**TASK REQUIREMENTS:** Print, exactly as written, the line containing "311.2,65.2 319.2,60 336.1,55.3" and every line after it, ending with the final line of the data below.

BEGIN RECORD EXCERPTS

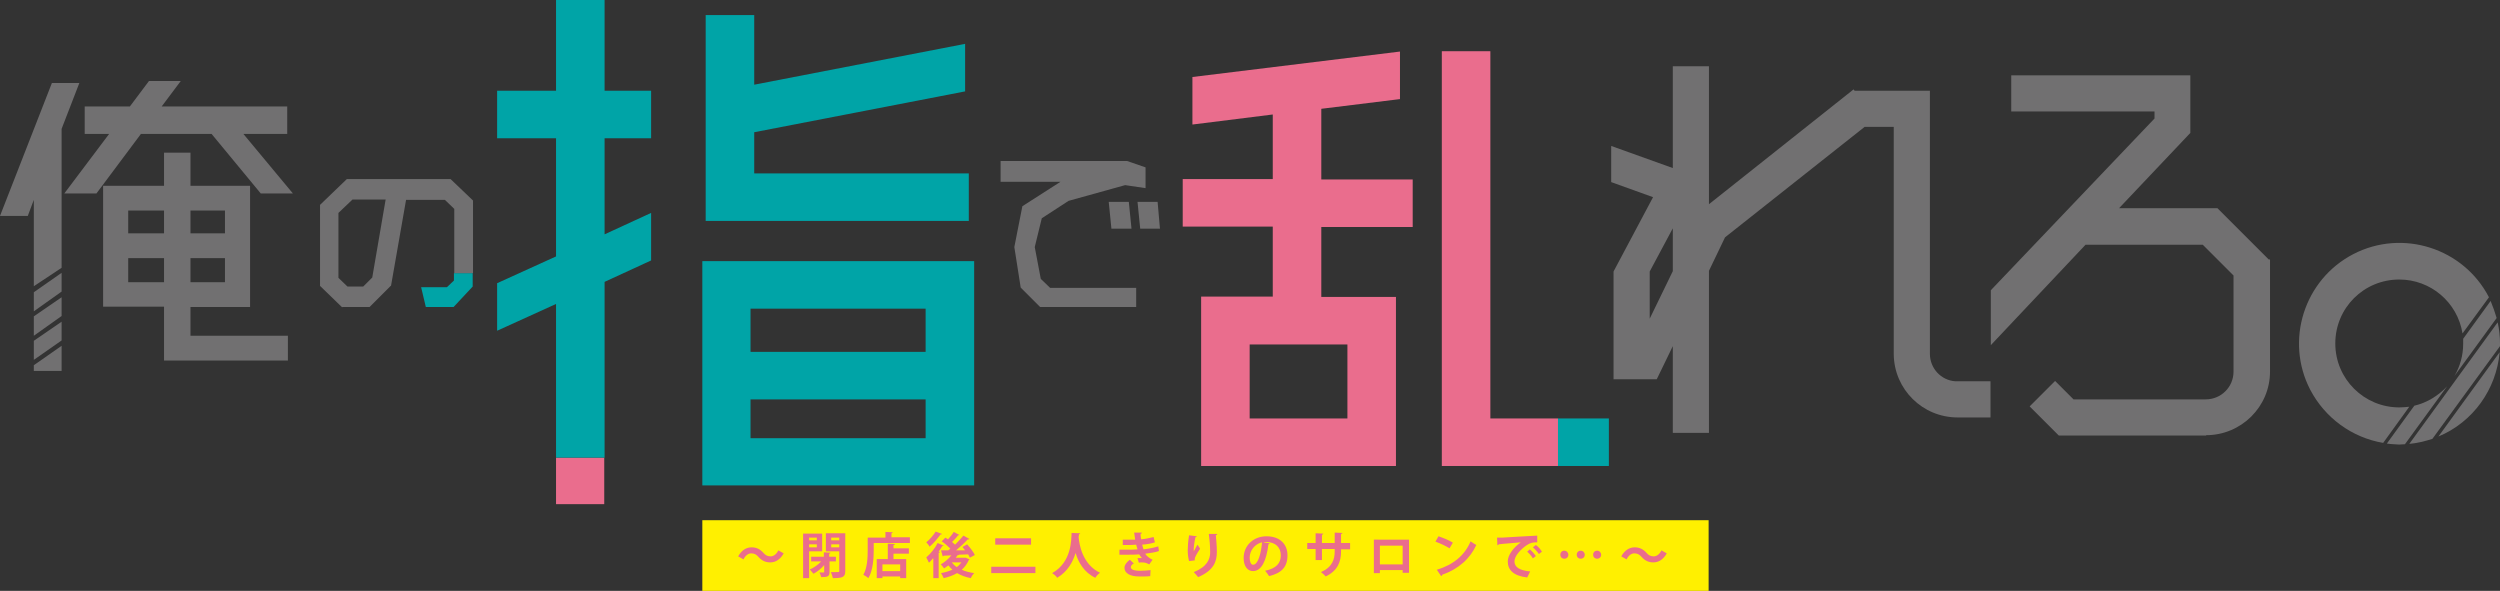 <?xml version="1.0" encoding="utf-8"?>
<!-- Generator: Adobe Illustrator 24.0.1, SVG Export Plug-In . SVG Version: 6.00 Build 0)  -->
<svg xmlns="http://www.w3.org/2000/svg" xmlns:xlink="http://www.w3.org/1999/xlink" version="1.1" id="レイヤー_1" x="0px" y="0px" viewBox="0 0 746.8 176.5" style="enable-background:new 0 0 746.8 176.5;" xml:space="preserve">
<rect x="0" y="0" width="746.8" height="176.5" fill="#333333" stroke="none"/>
<style type="text/css">
	.st0{fill:#FFF000;}
	.st1{fill:#EA6D8D;}
	.st2{fill:#00A4A7;}
	.st3{fill:#717071;}
</style>
<title>oreyubi_logo_yoko</title>
<g id="レイヤー_2_1_">
	<g id="レイアウト2">
		<polygon class="st0" points="358.2,155.4 209.8,155.4 209.8,176.5 358.2,176.5 510.4,176.5 510.4,155.4   "/>
		<g id="横">
			<g>
				<path class="st1" d="M234.1,165.3c-1,1.8-2.4,2.7-4,2.7c-1.4,0-2.5-0.5-3.5-1.6c-0.6-0.7-1.2-1.1-2.2-1.1      c-0.9,0-1.8,0.7-2.3,1.8l-1.6-0.9c1-1.8,2.4-2.7,4-2.7c1.4,0,2.5,0.5,3.5,1.6c0.6,0.7,1.2,1.1,2.2,1.1c0.9,0,1.8-0.7,2.3-1.8      L234.1,165.3z"/>
				<path class="st1" d="M245.6,164.7h-3.9v8h-1.8v-13.3h5.7V164.7z M244,160.6h-2.3v0.8h2.3V160.6z M241.7,163.5h2.3v-0.9h-2.3      V163.5z M249.8,167.7h-2v3.1c0,1.4-0.5,1.6-2.5,1.6c-0.1-0.4-0.3-1-0.5-1.4c0.5,0,1.1,0,1.2,0c0.2,0,0.2-0.1,0.2-0.2v-2      c-0.9,1.1-2.1,2-3.2,2.6c-0.3-0.4-0.8-0.9-1.1-1.3c1.2-0.5,2.5-1.4,3.4-2.4h-3v-1.4h3.8V165l2,0.1c0,0.1-0.1,0.2-0.4,0.3v0.9h2      V167.7z M252.5,159.4v11.2c0,1.8-0.8,2.1-3.7,2.1c-0.1-0.5-0.4-1.3-0.6-1.8c0.5,0,1,0,1.4,0c1.1,0,1.1,0,1.1-0.4v-5.8h-4v-5.4      H252.5z M250.7,160.6h-2.4v0.8h2.4V160.6z M248.3,163.5h2.4v-0.9h-2.4V163.5z"/>
				<path class="st1" d="M266.4,160.5h5.4v1.7H261v2.1c0,2.4-0.2,6.1-1.6,8.4c-0.3-0.3-1.1-0.8-1.5-1c1.2-2.1,1.3-5.2,1.3-7.4v-3.7      h5.3v-1.7l2.2,0.1c0,0.1-0.1,0.2-0.4,0.3V160.5z M267.3,162.5c0,0.2-0.1,0.3-0.4,0.3v1h4.6v1.6h-4.6v1.6h3.8v5.7h-1.8v-0.5h-5.3      v0.5h-1.7V167h3.3v-4.6L267.3,162.5z M268.9,170.6v-2h-5.3v2H268.9z"/>
				<path class="st1" d="M278.7,166.8c-0.4,0.5-0.8,0.9-1.2,1.3c-0.2-0.4-0.6-1.2-0.8-1.6c1.2-1,2.6-2.7,3.4-4.3l1.8,0.8      c-0.1,0.1-0.2,0.2-0.4,0.1c-0.3,0.5-0.7,1.1-1.1,1.7l0.4,0.1c0,0.1-0.2,0.2-0.4,0.2v7.6h-1.6V166.8z M281.4,159.5      c-0.1,0.1-0.2,0.2-0.4,0.1c-0.8,1.1-2.1,2.7-3.3,3.7c-0.2-0.4-0.7-1-1-1.3c1-0.8,2.2-2.2,2.8-3.2L281.4,159.5z M288.5,166.6      l1.1,0.5c0,0.1-0.1,0.1-0.2,0.2c-0.5,1.1-1.2,2.1-2.1,2.9c1.1,0.5,2.3,0.8,3.7,1c-0.4,0.4-0.8,1-1,1.5c-1.6-0.3-2.9-0.8-4.1-1.5      c-1.2,0.7-2.6,1.2-4,1.5c-0.2-0.4-0.5-1.1-0.8-1.5c1.2-0.2,2.4-0.6,3.4-1c-0.4-0.4-0.8-0.8-1.2-1.3c-0.4,0.3-0.8,0.6-1.3,0.9      c-0.2-0.3-0.7-1-1-1.2c1.1-0.6,2.3-1.6,3.2-2.7l-2.3,0.1c0,0.1-0.2,0.2-0.3,0.2l-0.5-1.8c0.6,0,1.4,0,2.2,0      c0.2-0.2,0.4-0.4,0.6-0.5c-0.7-0.7-1.7-1.6-2.6-2.2l1.1-1.1c0.2,0.1,0.5,0.3,0.8,0.5c0.6-0.7,1.3-1.5,1.7-2.2l1.7,0.9      c-0.1,0.1-0.2,0.1-0.4,0.1c-0.4,0.6-1.2,1.4-1.8,2c0.3,0.3,0.6,0.5,0.9,0.8c0.9-0.9,1.8-1.9,2.5-2.7l1.8,1      c-0.1,0.1-0.2,0.2-0.5,0.1c-0.9,1-2.2,2.2-3.5,3.3l2.7,0c-0.3-0.3-0.5-0.7-0.8-1l1.4-0.8c0.9,1,1.9,2.3,2.3,3.2l-1.5,0.8      c-0.1-0.3-0.3-0.6-0.5-1l-2.7,0.1c-0.1,0.1-0.2,0.2-0.4,0.1c-0.2,0.3-0.4,0.5-0.6,0.8h2.8L288.5,166.6z M284.3,168      c0.4,0.5,0.9,1,1.5,1.4c0.6-0.4,1-0.9,1.4-1.4H284.3z"/>
				<path class="st1" d="M296.1,169.3h13.2v1.9h-13.2V169.3z M297.3,160.8H308v1.9h-10.7V160.8z"/>
				<path class="st1" d="M322.7,159.3c0,0.1-0.2,0.3-0.4,0.3c0,0.2,0,0.5-0.1,0.8c0.2,2.4,1.2,8.2,6.4,10.7c-0.6,0.4-1.1,1-1.4,1.5      c-3.4-1.6-5.1-4.7-5.9-7.4c-0.8,2.6-2.3,5.5-5.5,7.4c-0.3-0.5-0.9-1-1.5-1.4c5.9-3.3,5.7-10.1,5.8-12L322.7,159.3z"/>
				<path class="st1" d="M346.2,164.6c-1,0.4-2.6,0.6-4.1,0.8c0.4,0.7,1.3,1.4,2.2,1.8l-1,1.4c-0.8-0.4-1.1-0.6-2.3-0.6      c-0.3,0-0.5,0-0.8,0.1l-0.4-1.4c0.2,0,0.4,0,0.7,0c0.2,0,0.5,0,0.6,0c-0.2-0.3-0.6-0.7-0.8-1.1c-1.1,0.1-2.2,0.1-3.2,0.1      c-0.7,0-1.8,0-2.7,0l0-1.5c0.6,0,1.3,0,2,0c1.1,0,2.3,0,3.4-0.1c-0.1-0.4-0.3-0.9-0.4-1.4c-0.5,0-1.1,0.1-1.7,0.1      c-0.8,0-1.6,0-2.3,0l0-1.6c0.8,0,1.6,0,2.2,0c0.4,0,1,0,1.5,0c-0.1-0.6-0.2-1.4-0.3-2.1l2.3,0c0,0.2-0.1,0.3-0.4,0.4      c0,0.5,0.1,1.1,0.2,1.6c1.2-0.1,2.7-0.4,3.7-0.7l0.4,1.6c-1.1,0.4-2.5,0.6-3.8,0.7c0.1,0.5,0.3,1.1,0.4,1.4      c1.6-0.2,3.2-0.5,4.4-0.9L346.2,164.6z M343.6,172.1c-0.6,0.1-1.3,0.1-2.3,0.1c-0.3,0-0.7,0-1.1,0c-2.5,0-4.3-0.9-4.3-2.6      c0-0.9,0.8-1.8,1.6-2.4l1.2,1.1c-0.6,0.3-0.9,0.8-0.9,1.1c0,1,1.7,1.1,2.7,1.1c1,0,2.4-0.1,3.2-0.2L343.6,172.1z"/>
				<path class="st1" d="M355.2,167.6c-0.3-1-0.4-2.3-0.4-3.2c0-1.1,0.1-2.7,0.4-4.5l2.3,0.3c0,0.2-0.2,0.2-0.4,0.3      c-0.3,1.2-0.6,3.3-0.5,4.2c0.3-0.6,0.8-1.5,1.1-2c0.2,0.3,0.6,0.9,0.8,1.2c-0.9,1.4-1.6,2.5-1.6,3.1c0,0.1,0,0.2,0,0.4      L355.2,167.6z M363.6,159.5c0,0.2-0.1,0.3-0.4,0.4c0.1,1.2,0.3,3.1,0.3,5c0,2.8-0.9,5.5-5.6,7.5c-0.3-0.4-0.9-1.1-1.3-1.5      c4-1.6,4.9-3.9,4.9-5.9c0-2-0.2-4.1-0.4-5.5L363.6,159.5z"/>
				<path class="st1" d="M379.3,162.3c-0.1,0.1-0.2,0.3-0.4,0.3c-0.6,5-2.1,8-4.6,8c-1.6,0-2.8-1.4-2.8-3.9c0-3.8,3-6.5,6.8-6.5      c4.2,0,6.3,2.5,6.3,5.7c0,3.5-1.8,5.3-5.5,6.2c-0.3-0.4-0.7-1.1-1.2-1.6c3.4-0.7,4.7-2.3,4.7-4.6c0-2.4-1.6-4-4.4-4      c-0.3,0-0.5,0-0.8,0.1L379.3,162.3z M377,162c-2.2,0.5-3.7,2.5-3.7,4.6c0,1.2,0.4,2.1,1,2.1C375.8,168.7,376.7,165.4,377,162z"/>
				<path class="st1" d="M403.3,164.1h-2.7v0.6c0,3.1-1,5.8-4.6,7.5c-0.3-0.4-0.9-0.9-1.4-1.3c3.4-1.5,4.1-3.8,4.1-6.2v-0.7h-3.8      v3.3H393v-3.3h-2.5v-1.8h2.5v-2.9l2.3,0.1c0,0.1-0.2,0.3-0.4,0.4v2.4h3.8v-3.1l2.3,0.1c0,0.2-0.2,0.3-0.4,0.3v2.7h2.7V164.1z"/>
				<path class="st1" d="M420.9,161.2v9.9h-1.9v-0.8h-6.8v0.9h-1.8v-10H420.9z M419,168.6v-5.6h-6.8v5.6H419z"/>
				<path class="st1" d="M429.7,160.2c1.5,0.5,3.2,1.2,4.3,1.9l-1,1.7c-1.1-0.7-2.8-1.5-4.2-2L429.7,160.2z M429.2,170.2      c5-1.5,8.4-4.4,10.1-8.5c0.5,0.4,1.2,0.8,1.7,1.1c-1.8,4-5.3,7.2-10.2,8.9c0,0.2-0.1,0.3-0.3,0.4L429.2,170.2z"/>
				<path class="st1" d="M447.2,160.6c0.5,0,1.1,0,1.5,0c1.7-0.1,8.1-0.5,10.5-0.6l0,2c-1.3,0-2,0.1-3.2,0.9      c-1.6,1.1-3.6,3.1-3.6,4.8c0,1.7,1.5,2.7,4.7,3l-0.9,1.8c-4.2-0.5-5.8-2.3-5.8-4.8c0-1.8,1.6-4.1,3.9-5.7      c-1.8,0.2-5.2,0.4-6.6,0.6c0,0.1-0.2,0.2-0.4,0.3L447.2,160.6z M457,164.1c0.6,0.5,1.4,1.4,1.8,2l-0.9,0.7      c-0.3-0.6-1.2-1.6-1.7-2L457,164.1z M458.8,162.8c0.7,0.5,1.4,1.3,1.8,2l-0.9,0.7c-0.3-0.5-1.2-1.5-1.8-2L458.8,162.8z"/>
				<path class="st1" d="M468.5,165.7c0,0.7-0.5,1.2-1.2,1.2c-0.7,0-1.2-0.5-1.2-1.2c0-0.7,0.5-1.2,1.2-1.2      C468,164.5,468.5,165.1,468.5,165.7z M473.4,165.7c0,0.7-0.5,1.2-1.2,1.2c-0.7,0-1.2-0.5-1.2-1.2c0-0.7,0.5-1.2,1.2-1.2      C472.9,164.5,473.4,165.1,473.4,165.7z M478.3,165.7c0,0.7-0.5,1.2-1.2,1.2c-0.7,0-1.2-0.5-1.2-1.2c0-0.7,0.5-1.2,1.2-1.2      C477.8,164.5,478.3,165.1,478.3,165.7z"/>
				<path class="st1" d="M497.9,165.3c-1,1.8-2.4,2.7-4,2.7c-1.4,0-2.5-0.5-3.5-1.6c-0.6-0.7-1.2-1.1-2.2-1.1      c-0.9,0-1.8,0.7-2.3,1.8l-1.6-0.9c1-1.8,2.4-2.7,4-2.7c1.4,0,2.5,0.5,3.5,1.6c0.6,0.7,1.2,1.1,2.2,1.1c0.9,0,1.8-0.7,2.3-1.8      L497.9,165.3z"/>
			</g>
		</g>
		<polygon class="st2" points="135.6,81.6 135.6,83.8 133.5,85.8 125.8,85.8 127.2,91.7 135.5,91.7 141.2,85.6 141.2,81.6   "/>
		<rect x="166.1" y="136.7" class="st1" width="14.4" height="13.9"/>
		<polygon class="st2" points="180.6,0 166.1,0 166.1,27.1 148.5,27.1 148.5,41.3 166.1,41.3 166.1,76.6 148.5,84.6 148.5,98.8     166.1,90.8 166.1,136.7 180.6,136.7 180.6,84.2 194.5,77.8 194.5,63.6 180.6,70 180.6,41.3 194.5,41.3 194.5,27.1 180.6,27.1       "/>
		<polygon class="st2" points="289.4,66 289.4,51.8 225.3,51.8 225.3,39.5 288.3,27.3 288.3,13.1 225.3,25.3 225.3,4.5 210.8,4.5     210.8,51.8 210.8,66 225.3,66   "/>
		<path class="st2" d="M209.8,78v67H291V78H209.8z M276.5,130.9h-52.3v-11.6h52.3V130.9z M276.5,105.1h-52.3V92.2h52.3V105.1z"/>
		<rect x="465.4" y="125" class="st2" width="15.2" height="14.2"/>
		<path class="st1" d="M394.7,32.5l23.5-2.9V15.4l-62,7.6v14.2l24-3v19.3h-26.9v14.2h26.9v20.9h-21.4v50.6H417V88.7h-22.3V67.8H422    V53.6h-27.3V32.5z M402.5,125h-29.2v-22.1h29.2L402.5,125z"/>
		<polygon class="st1" points="445.2,125 445.2,15.3 430.7,15.3 430.7,125 430.7,138.1 430.7,139.2 465.4,139.2 465.4,125   "/>
		<polygon class="st3" points="10.1,93 18.4,87.1 18.4,81.5 10.1,87.3   "/>
		<polygon class="st3" points="10.1,100.3 18.4,94.4 18.4,88.8 10.1,94.5   "/>
		<polygon class="st3" points="10.1,107.5 18.4,101.7 18.4,96.1 10.1,101.8   "/>
		<polygon class="st3" points="10.1,110.8 18.4,110.8 18.4,103.3 10.1,109.1   "/>
		<polygon class="st3" points="23.7,24.8 15.5,24.8 0,64.5 8.3,64.5 10.1,59.7 10.1,85.5 18.4,80 18.4,38.5   "/>
		<polygon class="st3" points="77.9,57.8 87.5,57.8 72.7,40 85.8,40 85.8,31.8 48.3,31.8 54,24.2 44.5,24.2 38.8,31.8 25.3,31.8     25.3,40 32.6,40 19.2,57.8 28.8,57.8 42.1,40 63.2,40   "/>
		<path class="st3" d="M56.9,100.4v-8.7h17.8V55.5H56.9v-9.9H49v9.9H30.8v36.1H49v16.1h37v-7.4H56.9z M56.9,84.3v-7.2h10.3v7.2    L56.9,84.3z M67.2,62.9v6.8H56.9v-6.8L67.2,62.9z M49,62.9v6.8H38.3v-6.8L49,62.9z M38.3,84.3v-7.2H49v7.2L38.3,84.3z"/>
		<path class="st3" d="M134.6,53.5h-31l-8,7.7v24.2l6.6,6.4l0.1-0.1h8.1l6.3-6.3h0.1l4.5-25.7h11.6l2.8,2.7v19.2h5.6V59.9    L134.6,53.5z M111.2,82.9l-2.7,2.7h-4.7l-2.7-2.6V63.6l4.2-4h9.9L111.2,82.9z"/>
		<polygon class="st3" points="309.1,73.8 311.2,65.2 319.2,60 336.1,55.3 342.2,56.2 342.2,50 336.7,48.1 298.9,48.1 298.9,54.3     316.8,54.3 305.4,61.6 303,73.8 304.9,85.9 310.7,91.7 339.4,91.7 339.4,86 313.7,86 310.9,83.3   "/>
		<polygon class="st3" points="332,68.3 338,68.3 337.2,60.3 331.2,60.3   "/>
		<polygon class="st3" points="340.6,68.3 346.5,68.3 345.8,60.3 339.8,60.3   "/>
		<path class="st3" d="M584.1,113.9c-4.3-0.3-7.6-3.9-7.6-8.2V27.1H554l-0.3-0.4L510.5,61V19.8h-10.8v30.4l-18.4-6.6v10.8l12.5,4.5    L482,81.1v32.2h12.9l4.8-9.9v25.9h10.8V80.9l4.8-10l41.7-33h8.7v67.9l0,0c0.1,10.5,8.6,18.9,19.1,18.9h9.8v-10.8H584.1z     M492.8,95.2V81.1l6.9-12.9v12.8L492.8,95.2z"/>
		<path class="st3" d="M677.7,77.5l-15.3-15.3H633l21.3-22.5V22.5h-53.5v10.8h42.8v2.1l-48.9,51.3v16.4l28.3-30h35l9.2,9.2V111    c0,4.6-3.7,8.3-8.3,8.3c0,0,0,0,0,0l0,0h-39.5l-5.5-5.5l-7.6,7.6l8.7,8.7h44V130c10.5,0,19.1-8.5,19.1-19c0,0,0,0,0,0l0,0V77.5    H677.7z"/>
		<path class="st3" d="M746.7,105.2l-18.3,25.2C738.7,126.1,745.7,116.4,746.7,105.2z"/>
		<path class="st3" d="M721.2,121.2l-8.2,11.3c1.2,0.2,2.5,0.2,3.7,0.3c0.6,0,1.1-0.1,1.7-0.1l12.6-17.3    C728.4,118.2,725,120.3,721.2,121.2z"/>
		<path class="st3" d="M735.8,102.7c0,3.4-0.9,6.7-2.6,9.6L745.8,95c-0.5-1.7-1.1-3.4-1.8-5.1l-8.2,11.3    C735.8,101.7,735.8,102.2,735.8,102.7z"/>
		<path class="st3" d="M716.7,121.7c-10.5,0-19.1-8.5-19.1-19.1s8.5-19.1,19.1-19.1c9.4,0,17.4,6.8,18.9,16.1l7.9-10.8    c-7.6-14.7-25.8-20.5-40.5-12.9c-14.7,7.6-20.5,25.8-12.9,40.5c4.4,8.4,12.4,14.3,21.8,15.9l7.8-10.8    C718.7,121.6,717.7,121.7,716.7,121.7z"/>
		<path class="st3" d="M746.8,102.7c0-2.1-0.2-4.3-0.7-6.4l-26.4,36.3c2.3-0.2,4.7-0.8,6.9-1.5l20.2-27.7    C746.8,103.1,746.8,102.9,746.8,102.7z"/>
	</g>
</g>
</svg>

END RECORD EXCERPTS

**EXERCISE SOLUTION:**
		<polygon class="st3" points="309.1,73.8 311.2,65.2 319.2,60 336.1,55.3 342.2,56.2 342.2,50 336.7,48.1 298.9,48.1 298.9,54.3     316.8,54.3 305.4,61.6 303,73.8 304.9,85.9 310.7,91.7 339.4,91.7 339.4,86 313.7,86 310.9,83.3   "/>
		<polygon class="st3" points="332,68.3 338,68.3 337.2,60.3 331.2,60.3   "/>
		<polygon class="st3" points="340.6,68.3 346.5,68.3 345.8,60.3 339.8,60.3   "/>
		<path class="st3" d="M584.1,113.9c-4.3-0.3-7.6-3.9-7.6-8.2V27.1H554l-0.3-0.4L510.5,61V19.8h-10.8v30.4l-18.4-6.6v10.8l12.5,4.5    L482,81.1v32.2h12.9l4.8-9.9v25.9h10.8V80.9l4.8-10l41.7-33h8.7v67.9l0,0c0.1,10.5,8.6,18.9,19.1,18.9h9.8v-10.8H584.1z     M492.8,95.2V81.1l6.9-12.9v12.8L492.8,95.2z"/>
		<path class="st3" d="M677.7,77.5l-15.3-15.3H633l21.3-22.5V22.5h-53.5v10.8h42.8v2.1l-48.9,51.3v16.4l28.3-30h35l9.2,9.2V111    c0,4.6-3.7,8.3-8.3,8.3c0,0,0,0,0,0l0,0h-39.5l-5.5-5.5l-7.6,7.6l8.7,8.7h44V130c10.5,0,19.1-8.5,19.1-19c0,0,0,0,0,0l0,0V77.5    H677.7z"/>
		<path class="st3" d="M746.7,105.2l-18.3,25.2C738.7,126.1,745.7,116.4,746.7,105.2z"/>
		<path class="st3" d="M721.2,121.2l-8.2,11.3c1.2,0.2,2.5,0.2,3.7,0.3c0.6,0,1.1-0.1,1.7-0.1l12.6-17.3    C728.4,118.2,725,120.3,721.2,121.2z"/>
		<path class="st3" d="M735.8,102.7c0,3.4-0.9,6.7-2.6,9.6L745.8,95c-0.5-1.7-1.1-3.4-1.8-5.1l-8.2,11.3    C735.8,101.7,735.8,102.2,735.8,102.7z"/>
		<path class="st3" d="M716.7,121.7c-10.5,0-19.1-8.5-19.1-19.1s8.5-19.1,19.1-19.1c9.4,0,17.4,6.8,18.9,16.1l7.9-10.8    c-7.6-14.7-25.8-20.5-40.5-12.9c-14.7,7.6-20.5,25.8-12.9,40.5c4.4,8.4,12.4,14.3,21.8,15.9l7.8-10.8    C718.7,121.6,717.7,121.7,716.7,121.7z"/>
		<path class="st3" d="M746.8,102.7c0-2.1-0.2-4.3-0.7-6.4l-26.4,36.3c2.3-0.2,4.7-0.8,6.9-1.5l20.2-27.7    C746.8,103.1,746.8,102.9,746.8,102.7z"/>
	</g>
</g>
</svg>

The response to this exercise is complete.